But there’s still room for improvement.
To answer this challenge, the University of Rochester’s Hajim School of Engineering and Applied Science has partnered with digital quantum computing company SEEQC to create, manufacture, and distribute a next-generation smart sensor, designed for use in cutting-edge quantum applications such as optical quantum networks, quantum computing, and secure data transfer systems like quantum key distribution.
Current SNSPDs face a tradeoff between three key performance factors: speed, detection efficiency, and background “noise” (known as dark counts).

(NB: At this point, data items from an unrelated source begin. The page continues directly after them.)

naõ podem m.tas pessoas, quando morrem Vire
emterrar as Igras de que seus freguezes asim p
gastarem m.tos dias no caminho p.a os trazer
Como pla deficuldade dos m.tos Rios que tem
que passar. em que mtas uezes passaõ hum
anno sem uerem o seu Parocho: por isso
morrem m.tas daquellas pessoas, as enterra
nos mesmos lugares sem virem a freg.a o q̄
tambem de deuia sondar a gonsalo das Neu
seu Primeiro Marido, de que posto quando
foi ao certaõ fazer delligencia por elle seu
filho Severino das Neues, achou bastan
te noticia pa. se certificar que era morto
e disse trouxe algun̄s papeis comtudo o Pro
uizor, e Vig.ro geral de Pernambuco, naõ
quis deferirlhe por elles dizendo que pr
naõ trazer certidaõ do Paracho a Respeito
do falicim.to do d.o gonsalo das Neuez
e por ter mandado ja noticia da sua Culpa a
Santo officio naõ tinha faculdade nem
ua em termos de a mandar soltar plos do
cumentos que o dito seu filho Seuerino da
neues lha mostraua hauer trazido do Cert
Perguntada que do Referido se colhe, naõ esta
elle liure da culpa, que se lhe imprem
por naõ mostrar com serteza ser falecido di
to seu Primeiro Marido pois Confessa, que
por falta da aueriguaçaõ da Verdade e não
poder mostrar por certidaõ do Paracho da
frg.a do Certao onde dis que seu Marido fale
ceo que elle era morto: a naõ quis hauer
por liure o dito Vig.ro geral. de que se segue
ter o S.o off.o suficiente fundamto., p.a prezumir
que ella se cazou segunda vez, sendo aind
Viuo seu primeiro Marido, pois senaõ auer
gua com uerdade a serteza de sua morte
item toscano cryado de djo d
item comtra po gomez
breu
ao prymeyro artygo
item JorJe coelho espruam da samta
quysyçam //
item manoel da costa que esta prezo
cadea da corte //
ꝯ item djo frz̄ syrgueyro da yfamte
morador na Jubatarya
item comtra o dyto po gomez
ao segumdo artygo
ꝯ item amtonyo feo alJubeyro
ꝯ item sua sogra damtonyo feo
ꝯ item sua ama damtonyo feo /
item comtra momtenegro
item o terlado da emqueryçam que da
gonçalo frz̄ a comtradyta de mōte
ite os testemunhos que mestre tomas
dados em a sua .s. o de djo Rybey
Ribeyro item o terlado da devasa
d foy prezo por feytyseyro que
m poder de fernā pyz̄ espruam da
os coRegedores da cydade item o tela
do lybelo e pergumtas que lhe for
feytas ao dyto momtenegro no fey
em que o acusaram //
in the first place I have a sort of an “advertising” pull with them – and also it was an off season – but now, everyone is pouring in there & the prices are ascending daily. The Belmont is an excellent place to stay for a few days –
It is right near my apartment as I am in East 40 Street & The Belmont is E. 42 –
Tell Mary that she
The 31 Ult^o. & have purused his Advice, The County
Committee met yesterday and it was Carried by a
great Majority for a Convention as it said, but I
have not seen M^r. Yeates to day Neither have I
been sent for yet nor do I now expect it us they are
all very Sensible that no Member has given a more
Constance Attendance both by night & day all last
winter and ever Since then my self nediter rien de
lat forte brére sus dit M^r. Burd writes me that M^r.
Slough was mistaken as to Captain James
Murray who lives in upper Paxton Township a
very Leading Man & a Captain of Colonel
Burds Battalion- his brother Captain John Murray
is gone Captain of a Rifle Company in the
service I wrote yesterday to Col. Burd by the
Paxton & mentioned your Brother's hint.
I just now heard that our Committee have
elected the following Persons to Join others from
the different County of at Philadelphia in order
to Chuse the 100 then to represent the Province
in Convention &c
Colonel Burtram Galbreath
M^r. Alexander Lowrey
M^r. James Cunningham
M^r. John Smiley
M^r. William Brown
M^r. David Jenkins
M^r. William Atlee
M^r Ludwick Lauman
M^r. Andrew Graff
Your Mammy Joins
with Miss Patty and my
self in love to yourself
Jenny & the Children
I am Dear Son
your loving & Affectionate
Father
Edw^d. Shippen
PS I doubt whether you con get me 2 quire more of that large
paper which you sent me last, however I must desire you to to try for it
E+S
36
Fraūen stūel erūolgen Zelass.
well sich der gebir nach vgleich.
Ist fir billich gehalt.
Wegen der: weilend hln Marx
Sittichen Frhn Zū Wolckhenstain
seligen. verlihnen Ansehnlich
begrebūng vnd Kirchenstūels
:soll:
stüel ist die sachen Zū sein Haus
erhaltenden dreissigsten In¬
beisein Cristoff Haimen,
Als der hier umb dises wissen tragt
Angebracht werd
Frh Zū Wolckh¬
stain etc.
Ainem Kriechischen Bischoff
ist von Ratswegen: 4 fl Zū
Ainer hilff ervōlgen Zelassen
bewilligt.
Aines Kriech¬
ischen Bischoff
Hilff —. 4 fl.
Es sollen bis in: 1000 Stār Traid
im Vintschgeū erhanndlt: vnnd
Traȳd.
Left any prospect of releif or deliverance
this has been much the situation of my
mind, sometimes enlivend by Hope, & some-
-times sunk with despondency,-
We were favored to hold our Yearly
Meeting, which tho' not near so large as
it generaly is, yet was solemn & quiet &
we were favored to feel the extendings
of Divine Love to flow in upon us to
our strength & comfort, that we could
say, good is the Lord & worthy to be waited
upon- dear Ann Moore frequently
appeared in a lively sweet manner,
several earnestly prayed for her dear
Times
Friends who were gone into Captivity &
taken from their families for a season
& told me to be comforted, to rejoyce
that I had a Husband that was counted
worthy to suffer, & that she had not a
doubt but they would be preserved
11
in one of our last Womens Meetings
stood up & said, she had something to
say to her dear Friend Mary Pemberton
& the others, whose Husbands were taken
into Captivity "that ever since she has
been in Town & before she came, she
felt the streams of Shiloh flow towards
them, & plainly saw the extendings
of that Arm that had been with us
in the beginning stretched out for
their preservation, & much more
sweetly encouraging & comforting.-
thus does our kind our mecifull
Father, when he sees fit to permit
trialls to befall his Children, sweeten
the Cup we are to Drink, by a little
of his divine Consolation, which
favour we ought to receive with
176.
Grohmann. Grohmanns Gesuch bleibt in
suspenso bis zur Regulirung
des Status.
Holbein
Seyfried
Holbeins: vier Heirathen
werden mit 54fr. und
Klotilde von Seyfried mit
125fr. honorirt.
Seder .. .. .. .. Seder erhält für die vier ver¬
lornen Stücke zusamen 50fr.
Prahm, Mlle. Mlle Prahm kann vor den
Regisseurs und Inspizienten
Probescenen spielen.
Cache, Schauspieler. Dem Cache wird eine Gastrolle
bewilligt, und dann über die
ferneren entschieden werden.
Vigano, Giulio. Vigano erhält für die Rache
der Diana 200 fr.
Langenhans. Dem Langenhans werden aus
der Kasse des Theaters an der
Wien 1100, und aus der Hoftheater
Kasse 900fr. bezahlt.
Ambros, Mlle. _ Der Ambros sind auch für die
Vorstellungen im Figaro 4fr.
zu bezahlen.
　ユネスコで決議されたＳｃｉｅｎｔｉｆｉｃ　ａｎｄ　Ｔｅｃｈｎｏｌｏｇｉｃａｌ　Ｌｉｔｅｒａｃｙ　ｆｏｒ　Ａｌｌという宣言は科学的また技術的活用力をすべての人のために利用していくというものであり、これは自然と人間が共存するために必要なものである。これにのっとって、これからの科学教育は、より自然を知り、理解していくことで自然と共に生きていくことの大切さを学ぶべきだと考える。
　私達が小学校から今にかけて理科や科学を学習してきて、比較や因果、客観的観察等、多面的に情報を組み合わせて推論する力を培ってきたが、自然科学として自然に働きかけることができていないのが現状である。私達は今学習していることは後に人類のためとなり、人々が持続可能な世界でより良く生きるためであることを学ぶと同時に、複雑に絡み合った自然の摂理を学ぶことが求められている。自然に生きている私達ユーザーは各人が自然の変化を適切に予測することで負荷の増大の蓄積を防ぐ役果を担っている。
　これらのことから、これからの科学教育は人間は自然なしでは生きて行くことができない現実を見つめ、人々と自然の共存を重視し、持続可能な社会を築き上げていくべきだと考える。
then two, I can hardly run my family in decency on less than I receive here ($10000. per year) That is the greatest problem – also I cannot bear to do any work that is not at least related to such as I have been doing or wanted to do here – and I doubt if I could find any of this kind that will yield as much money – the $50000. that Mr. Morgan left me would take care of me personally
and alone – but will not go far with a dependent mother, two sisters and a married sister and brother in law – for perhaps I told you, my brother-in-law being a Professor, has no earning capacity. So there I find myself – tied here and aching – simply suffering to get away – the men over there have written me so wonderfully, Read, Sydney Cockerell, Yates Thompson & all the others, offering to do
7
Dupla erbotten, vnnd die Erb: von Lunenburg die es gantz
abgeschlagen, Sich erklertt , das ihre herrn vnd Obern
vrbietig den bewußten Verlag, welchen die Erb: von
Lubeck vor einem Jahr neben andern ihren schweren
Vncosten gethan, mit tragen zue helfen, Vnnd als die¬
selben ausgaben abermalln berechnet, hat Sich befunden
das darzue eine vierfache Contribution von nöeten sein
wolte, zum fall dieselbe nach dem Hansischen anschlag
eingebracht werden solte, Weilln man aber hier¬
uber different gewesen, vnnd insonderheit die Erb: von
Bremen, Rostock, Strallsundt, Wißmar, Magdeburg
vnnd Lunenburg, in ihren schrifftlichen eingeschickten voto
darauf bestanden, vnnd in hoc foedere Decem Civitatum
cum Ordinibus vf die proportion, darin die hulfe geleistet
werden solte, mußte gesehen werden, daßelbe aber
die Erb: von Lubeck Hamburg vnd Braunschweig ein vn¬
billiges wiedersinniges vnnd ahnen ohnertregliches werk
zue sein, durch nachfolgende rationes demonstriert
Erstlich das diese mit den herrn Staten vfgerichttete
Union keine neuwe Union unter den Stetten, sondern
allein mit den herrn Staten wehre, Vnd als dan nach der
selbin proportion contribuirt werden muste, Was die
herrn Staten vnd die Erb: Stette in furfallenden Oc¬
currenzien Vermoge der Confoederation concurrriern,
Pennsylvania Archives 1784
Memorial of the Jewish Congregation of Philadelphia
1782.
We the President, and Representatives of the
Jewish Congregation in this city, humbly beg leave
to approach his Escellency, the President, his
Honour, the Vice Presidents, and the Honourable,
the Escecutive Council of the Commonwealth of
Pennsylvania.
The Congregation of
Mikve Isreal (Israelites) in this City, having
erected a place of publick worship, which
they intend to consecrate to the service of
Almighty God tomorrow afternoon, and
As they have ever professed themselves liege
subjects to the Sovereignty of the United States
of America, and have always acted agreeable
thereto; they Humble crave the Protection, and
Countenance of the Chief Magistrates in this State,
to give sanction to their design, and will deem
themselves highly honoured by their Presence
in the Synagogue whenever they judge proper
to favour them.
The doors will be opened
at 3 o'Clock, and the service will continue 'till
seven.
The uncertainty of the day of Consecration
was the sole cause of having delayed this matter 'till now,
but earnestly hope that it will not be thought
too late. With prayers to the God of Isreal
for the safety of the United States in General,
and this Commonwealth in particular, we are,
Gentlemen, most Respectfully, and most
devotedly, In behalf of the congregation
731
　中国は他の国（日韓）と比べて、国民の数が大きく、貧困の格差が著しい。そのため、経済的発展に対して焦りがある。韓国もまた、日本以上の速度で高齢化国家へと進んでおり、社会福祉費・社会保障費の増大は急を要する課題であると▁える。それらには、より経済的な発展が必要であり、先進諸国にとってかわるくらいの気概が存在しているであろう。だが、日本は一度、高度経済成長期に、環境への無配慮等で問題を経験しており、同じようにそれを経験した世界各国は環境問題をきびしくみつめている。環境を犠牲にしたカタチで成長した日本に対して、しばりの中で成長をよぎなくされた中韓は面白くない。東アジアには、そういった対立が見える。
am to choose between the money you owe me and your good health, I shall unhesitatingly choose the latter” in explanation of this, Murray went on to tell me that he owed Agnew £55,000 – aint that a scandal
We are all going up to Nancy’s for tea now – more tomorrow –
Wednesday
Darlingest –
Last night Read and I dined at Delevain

Integrating digital circuitry directly on the computing chip could help solve this problem by improving bias control, distinguishing between real and false signals, and even measuring photon numbers and energies more accurately.
This is where SEEQC’s industry expertise meets the University of Rochester’s academic research capabilities.
As a spin-out of parent company HYPRES—the world’s leading developer of superconductor electronics—SEEQC has extensive experience in combining classical and quantum technologies to address the efficiency, stability and cost issues endemic to quantum computing systems. And as one of the leading engineering schools in the U.S., the Hajim School is uniquely equipped to advance transformative innovations.
By developing technology built on superconducting materials—and integrating single-photon detectors directly on the same chip as advanced digital processing circuits—the collaboration’s smart sensor addresses key limitations in existing technology. It can detect single particles of light (photons) with exceptional precision, and in turn, help bring the first commercially scalable, problem-specific quantum computing applications to market.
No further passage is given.